What the task requires
Copy the listing below exactly, but skip the pictures.
=====
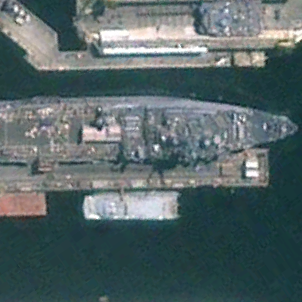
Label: combat
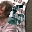
Label: 6
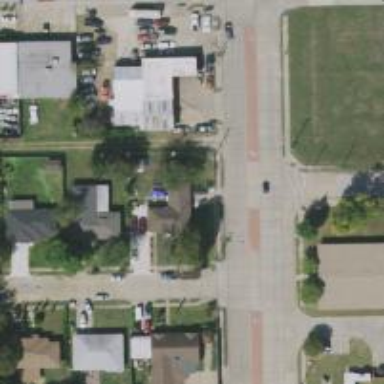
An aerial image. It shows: Alley classified as service road.
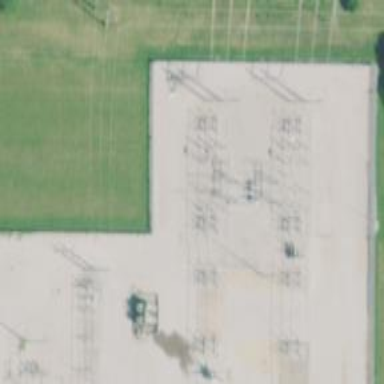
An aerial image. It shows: Switch used for power control.
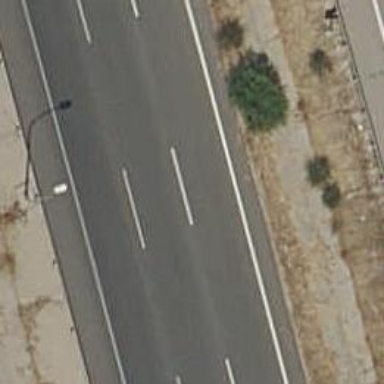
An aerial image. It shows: Asphalt motorway link.
=====
Solution below
Label: combat
Label: 6
An aerial image. It shows: Alley classified as service road.
An aerial image. It shows: Switch used for power control.
An aerial image. It shows: Asphalt motorway link.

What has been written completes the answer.